We define $$\rho(x):=\sum_{n=1}^\infty 1_{\text{squarefree}}(n)\cdot\frac{\sin\left(n^2\pi x\right)}{n^2},\tag{1}$$
where the first factor inside the previous series is the characteristic function
$$1_{\text{squarefree}}(n) = \begin{cases} 1 & \text {for }n=1 \\ 1 & \text{if } \operatorname{rad}(n) = n \\ 0 & \text{if }\operatorname{rad}(n) < n \\ \end{cases},$$
with $\operatorname{rad}(n)$ denoting the radical of an integer, see this Wikipedia. Thus $1_{\text{squarefree}}(n)$ is the indicator function of squarefree numbers. See the definiton of this set for example from this MathWorld that also provide us the code SquareFreeQ[n] that I've used in my toy example:
plot sum (Boole(SquareFreeQ(n)) Sin(n^2 pi x))/n^2, from n=1 to 100, for 0<x<5
with the pupose to plot in Wolfram Alpha online calculator.
Definition $(1)$ is similar than Weierstrass function, see the MathWolrd's entry for Monsters of Real Analysis.
Question. Can you calculate the are under the curve (the graph of) $\rho(x)$ defined in $(1)$ over the interval $[0,\frac{1}{2}]$? If isn't possible explain what handicaps do you find when you've tried to apply your numerical methods and/or definition of integral to get it. Many thanks.

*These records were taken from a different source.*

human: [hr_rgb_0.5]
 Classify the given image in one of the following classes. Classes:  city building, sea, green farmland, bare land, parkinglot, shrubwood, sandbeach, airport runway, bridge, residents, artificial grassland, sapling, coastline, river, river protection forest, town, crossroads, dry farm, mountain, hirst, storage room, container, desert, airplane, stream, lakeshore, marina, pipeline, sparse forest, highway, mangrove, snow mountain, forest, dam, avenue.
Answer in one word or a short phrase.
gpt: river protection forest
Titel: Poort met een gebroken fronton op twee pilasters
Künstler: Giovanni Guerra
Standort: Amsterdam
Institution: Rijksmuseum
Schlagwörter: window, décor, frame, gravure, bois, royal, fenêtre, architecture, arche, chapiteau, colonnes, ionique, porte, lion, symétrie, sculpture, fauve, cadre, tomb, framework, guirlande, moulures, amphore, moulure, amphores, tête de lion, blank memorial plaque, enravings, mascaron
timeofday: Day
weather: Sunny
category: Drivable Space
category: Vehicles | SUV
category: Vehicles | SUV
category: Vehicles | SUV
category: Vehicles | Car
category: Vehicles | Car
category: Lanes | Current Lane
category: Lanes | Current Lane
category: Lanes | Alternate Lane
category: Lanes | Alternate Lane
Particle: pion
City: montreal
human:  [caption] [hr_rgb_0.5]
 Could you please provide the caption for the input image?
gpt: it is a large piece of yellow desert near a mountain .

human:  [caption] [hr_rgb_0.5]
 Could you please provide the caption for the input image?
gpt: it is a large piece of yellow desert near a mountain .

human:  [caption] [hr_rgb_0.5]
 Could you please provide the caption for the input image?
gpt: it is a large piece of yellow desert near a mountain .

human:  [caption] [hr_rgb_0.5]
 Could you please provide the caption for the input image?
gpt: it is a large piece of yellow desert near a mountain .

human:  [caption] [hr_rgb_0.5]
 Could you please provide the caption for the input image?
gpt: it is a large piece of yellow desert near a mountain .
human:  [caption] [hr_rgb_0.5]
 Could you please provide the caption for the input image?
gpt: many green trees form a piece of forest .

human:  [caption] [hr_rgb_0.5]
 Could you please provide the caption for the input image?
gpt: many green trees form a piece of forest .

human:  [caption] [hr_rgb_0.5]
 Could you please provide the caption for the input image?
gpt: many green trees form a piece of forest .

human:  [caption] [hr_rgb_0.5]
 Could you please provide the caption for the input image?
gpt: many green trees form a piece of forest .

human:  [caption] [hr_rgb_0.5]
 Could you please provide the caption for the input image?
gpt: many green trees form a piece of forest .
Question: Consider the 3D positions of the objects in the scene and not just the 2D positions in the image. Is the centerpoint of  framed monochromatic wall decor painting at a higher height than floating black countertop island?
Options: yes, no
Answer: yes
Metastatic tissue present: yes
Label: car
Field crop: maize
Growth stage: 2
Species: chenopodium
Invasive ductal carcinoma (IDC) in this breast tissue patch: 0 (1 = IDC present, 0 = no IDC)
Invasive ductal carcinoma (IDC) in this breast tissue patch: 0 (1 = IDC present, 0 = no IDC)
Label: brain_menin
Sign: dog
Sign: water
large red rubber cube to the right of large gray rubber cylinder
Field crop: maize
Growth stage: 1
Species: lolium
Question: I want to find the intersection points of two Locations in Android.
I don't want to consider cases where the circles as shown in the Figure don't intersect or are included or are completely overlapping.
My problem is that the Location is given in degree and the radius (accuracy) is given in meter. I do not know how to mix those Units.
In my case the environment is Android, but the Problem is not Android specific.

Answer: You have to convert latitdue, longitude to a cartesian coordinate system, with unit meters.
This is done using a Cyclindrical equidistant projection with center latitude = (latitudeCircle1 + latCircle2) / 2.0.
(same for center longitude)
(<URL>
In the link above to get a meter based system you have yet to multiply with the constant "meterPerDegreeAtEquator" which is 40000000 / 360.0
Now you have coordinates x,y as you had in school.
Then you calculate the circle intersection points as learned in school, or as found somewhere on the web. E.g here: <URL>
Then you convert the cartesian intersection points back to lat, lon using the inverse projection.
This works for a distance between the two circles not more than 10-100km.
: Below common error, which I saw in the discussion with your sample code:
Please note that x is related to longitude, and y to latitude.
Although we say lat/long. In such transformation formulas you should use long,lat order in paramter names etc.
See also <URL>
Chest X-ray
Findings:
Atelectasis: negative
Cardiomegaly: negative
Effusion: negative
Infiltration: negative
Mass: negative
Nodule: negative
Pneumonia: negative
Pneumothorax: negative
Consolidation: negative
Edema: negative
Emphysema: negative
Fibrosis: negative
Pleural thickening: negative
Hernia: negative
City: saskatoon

The series is uniformly convergent on $\bigl[0,{1\over2}\bigr]$, hence can be integrated termwise. One obtains $$\int_0^{1/2}{\sin(n^2\pi x)\over n^2}\>dx=0\quad(n\ {\rm\ even}),\qquad{\rm resp.,}\quad ={1\over\pi n^4}\quad(n\ {\rm\ odd})\ .$$ Now this was not terribly difficult. But anyway, we didn't have to look at the graph of the function at stake.